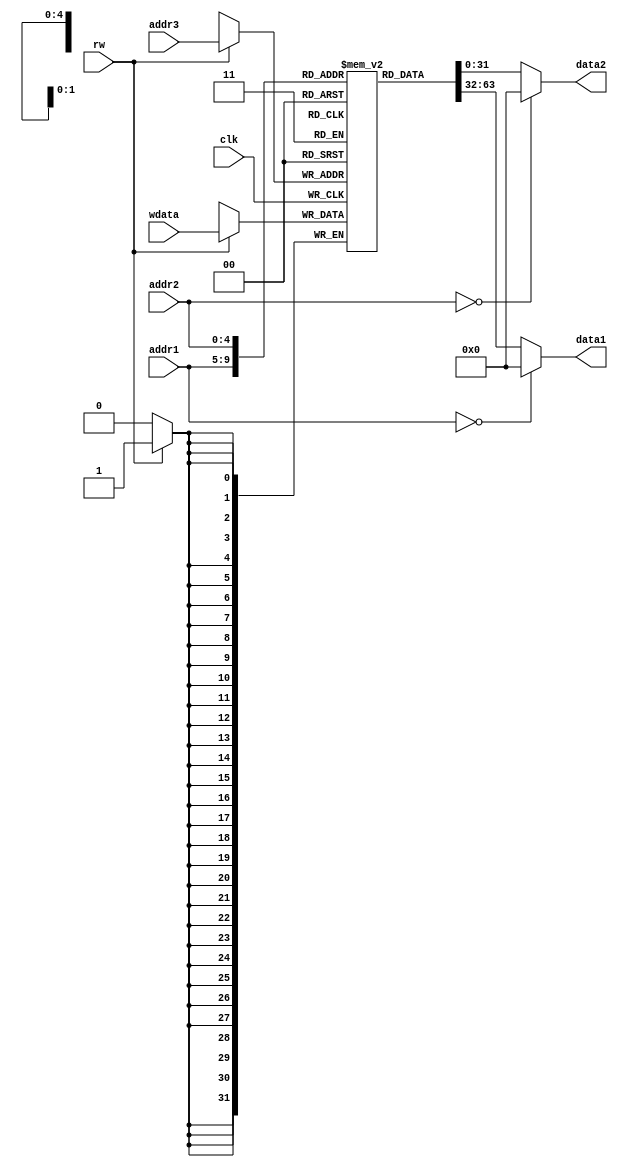
`timescale 1ns / 1ps
//////////////////////////////////////////////////////////////////////////////////
// Company: 
// Engineer: 
// 
// Design Name: 
// Module Name:    regfile 
// Project Name: 
// Target Devices: 
// Tool versions: 
// Description: 
//
// Dependencies: 
//
// Revision: 
// Revision 0.01 - File Created
// Additional Comments: 
//
//////////////////////////////////////////////////////////////////////////////////
module regfile1 (
	input         clk  ,
	//
	input  [ 4:0] addr1,
	input  [ 4:0] addr2,
	output reg [31:0] data1,
	output reg [31:0] data2,
	//
	input         rw   ,
	input  [ 4:0] addr3,
	input  [31:0] wdata
);

	reg [31:0] regmem[31:0];
//	reg [31:0] data1       ;
//	reg [31:0] data2       ;

	always @(addr1 or regmem[addr1]) begin
		if (0 == addr1) begin
			data1 = 0;
		end else begin
			data1 = regmem[addr1];
		end
	end

	always @(addr2 or regmem[addr2]) begin
		if (0 == addr2) begin
			data2 = 0;
		end else begin
			data2 = regmem[addr2];
		end
	end

	always@ (posedge clk) begin
		if(1'b1 == rw) begin
			regmem[addr3] = wdata;
		end
	end

endmodule
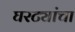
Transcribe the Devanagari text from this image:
घरट्यांचा
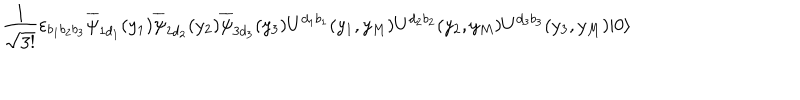
LaTeX: \frac { 1 } { \sqrt { 3 ! } } \varepsilon _ { b _ { 1 } b _ { 2 } b _ { 3 } } \overline { { { \psi } } } _ { 1 d _ { 1 } } ( y _ { 1 } ) \overline { { { \psi } } } _ { 2 d _ { 2 } } ( y _ { 2 } ) \overline { { { \psi } } } _ { 3 d _ { 3 } } ( y _ { 3 } ) U ^ { d _ { 1 } b _ { 1 } } ( y _ { 1 } , y _ { M } ) U ^ { d _ { 2 } b _ { 2 } } ( y _ { 2 } , y _ { M } ) U ^ { d _ { 3 } b _ { 3 } } ( y _ { 3 } , y _ { M } ) | 0 \rangle
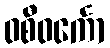
ဝစီဝင်္ကော
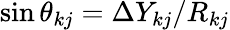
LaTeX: \sin\theta_{kj}=\Delta Y_{kj}/R_{kj}
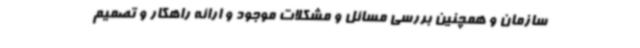
سازمان و همچنین بررسی مسائل و مشکلات موجود و ارائه راهکار و تصمیم
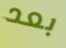
بعد
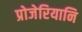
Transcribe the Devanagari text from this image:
प्रोजेरियानि
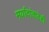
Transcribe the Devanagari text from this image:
मर्यादांकडेही
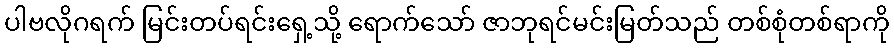
ပါဗလိုဂရက် မြင်းတပ်ရင်းရှေ့သို့ ရောက်သော် ဇာဘုရင်မင်းမြတ်သည် တစ်စုံတစ်ရာကို
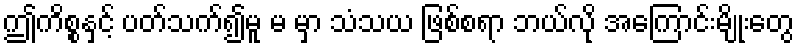
ဤကိစ္စနှင့် ပတ်သက်၍မူ မ မှာ သံသယ ဖြစ်စရာ ဘယ်လို အကြောင်းမျိုးတွေ
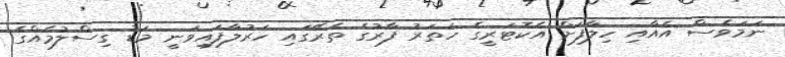
ނަމަވެސް އެއާއި ހިލާފަށް އެކޮޓަރީގެ ހަތަރު ފާރުގެ ތެރޭގައި ހަރުލާފައިވަނީ މަޑު ގިސްލުމެއްގެ
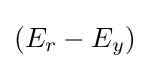
(E_{r}-E_{y})
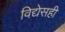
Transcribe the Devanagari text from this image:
विद्येसही
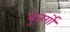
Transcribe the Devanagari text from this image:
बुज़र्गो
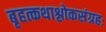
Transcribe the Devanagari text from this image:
बृहत्कथाश्लोकसंग्रहः
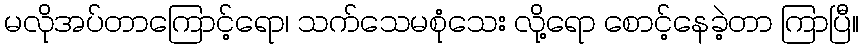
မလိုအပ်တာကြောင့်ရော၊ သက်သေမစုံသေး လို့ရော စောင့်နေခဲ့တာ ကြာပြီ။
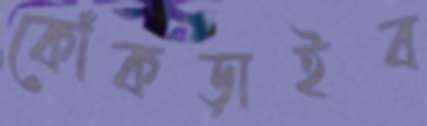
কোঁকড়াইব
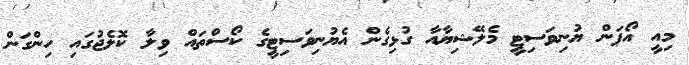
މިއީ އޯޕަން ޔުނިވަސިޓީ މެލޭޝިޔާއާ ގުޅިގެން އެޔުނިވަސިޓީގެ ކޯސްތައް ވިލާ ކޮލެޖުގައި ހިންގަން
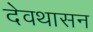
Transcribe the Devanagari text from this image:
देवथासन
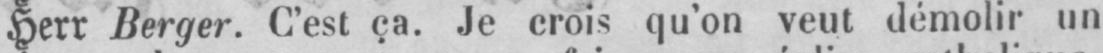
Herr Berger. C’est ça. Je crois qu’on veut démolir un
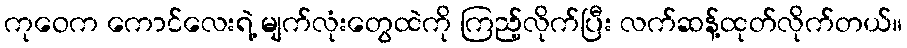
ကုဝေက ကောင်လေးရဲ့ မျက်လုံးတွေထဲကို ကြည့်လိုက်ပြီး လက်ဆန့်ထုတ်လိုက်တယ်။
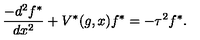
\frac { - d ^ { 2 } f ^ { * } } { d x ^ { 2 } } + V ^ { * } ( g , x ) f ^ { * } = - \tau ^ { 2 } f ^ { * } .
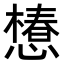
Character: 𢢫
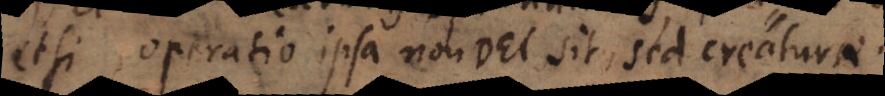
etsi operatio ipsa non Dei sit sed creaturae.
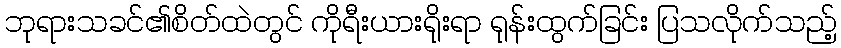
ဘုရားသခင်၏စိတ်ထဲတွင် ကိုရီးယားရိုးရာ ရုန်းထွက်ခြင်း ပြသလိုက်သည့်
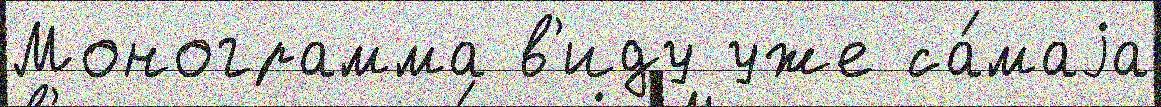
Монограмма в'иду уже са́маjа
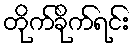
တိုက်ခိုက်ရင်း
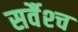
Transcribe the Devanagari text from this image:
सर्वैश्‍च
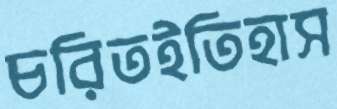
চরিতইতিহাস
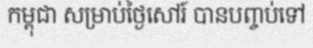
កម្ពុជា សម្រាប់ថ្ងៃសៅរ៍ បានបញ្ចប់ទៅ
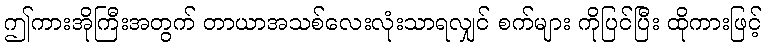
ဤကားအိုကြီးအတွက် တာယာအသစ်လေးလုံးသာရလျှင် စက်များ ကိုပြင်ပြီး ထိုကားဖြင့်
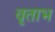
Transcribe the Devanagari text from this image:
वृताभ
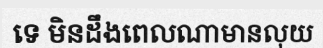
ទេ មិនដឹងពេលណាមានលុយ
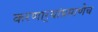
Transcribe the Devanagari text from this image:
करणार्‍यांप्रमाणेच
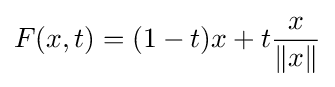
F(x,t)=(1-t)x+t{x \over \|x\|}
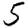
Digit: 5
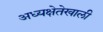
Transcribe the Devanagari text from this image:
अध्यक्षेतेखाली
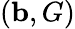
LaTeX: (\mathbf{b},G)
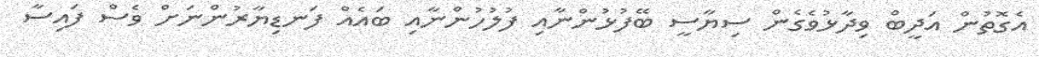
އެގޮތުން އަދީބް ވިދާޅުވެގެން ސިޔާސީ ބޭފުޅުންނާއި ފުލުހުންނާއި ބައެއް ފަނޑިޔާރުންނަށް ވެސް ފައިސާ
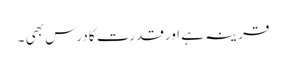
قرینہ ہے اورقدرت کا درس بھی ۔
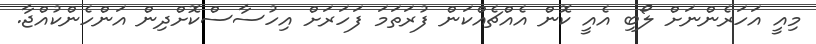
މިއީ އަހަރެންނަށް ލޯބި އެއީ ކޮން އެއްޗެއްކަން ފުރަތަމަ ފަހަރަށް އިހުސާސްކޮށްދިން އަންހެންކުއްޖާ.
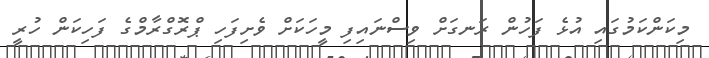
މިކަންކަމުގައި އުޅެ ފަހުން ރަނގަށް ވިސްނައިފި މީހަކަށް ވެށިފަހި ޕްރޮގްރާމްގެ ފަހިކަން ހުރީ
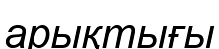
арықтығы

━━━━━━━━━━

**DESCRIPTION OF THE TASK**: Your copy should hold exactly the lines from the line bearing "Character: 𢢫" through the end of the data, both included, and no pictures or anything further.

**ANSWER FOR THIS EXERCISE**:
Character: 𢢫
etsi operatio ipsa non Dei sit sed creaturae.
ဘုရားသခင်၏စိတ်ထဲတွင် ကိုရီးယားရိုးရာ ရုန်းထွက်ခြင်း ပြသလိုက်သည့်
Монограмма в'иду уже са́маjа
တိုက်ခိုက်ရင်း
Transcribe the Devanagari text from this image:
सर्वैश्‍च
চরিতইতিহাস
កម្ពុជា សម្រាប់ថ្ងៃសៅរ៍ បានបញ្ចប់ទៅ
ဤကားအိုကြီးအတွက် တာယာအသစ်လေးလုံးသာရလျှင် စက်များ ကိုပြင်ပြီး ထိုကားဖြင့်
Transcribe the Devanagari text from this image:
वृताभ
ទេ មិនដឹងពេលណាមានលុយ
Transcribe the Devanagari text from this image:
करणार्‍यांप्रमाणेच
F(x,t)=(1-t)x+t{x \over \|x\|}
Digit: 5
Transcribe the Devanagari text from this image:
अध्यक्षेतेखाली
LaTeX: (\mathbf{b},G)
އެގޮތުން އަދީބް ވިދާޅުވެގެން ސިޔާސީ ބޭފުޅުންނާއި ފުލުހުންނާއި ބައެއް ފަނޑިޔާރުންނަށް ވެސް ފައިސާ
قرینہ ہے اورقدرت کا درس بھی ۔
މިއީ އަހަރެންނަށް ލޯބި އެއީ ކޮން އެއްޗެއްކަން ފުރަތަމަ ފަހަރަށް އިހުސާސްކޮށްދިން އަންހެންކުއްޖާ.
މިކަންކަމުގައި އުޅެ ފަހުން ރަނގަށް ވިސްނައިފި މީހަކަށް ވެށިފަހި ޕްރޮގްރާމްގެ ފަހިކަން ހުރީ
арықтығы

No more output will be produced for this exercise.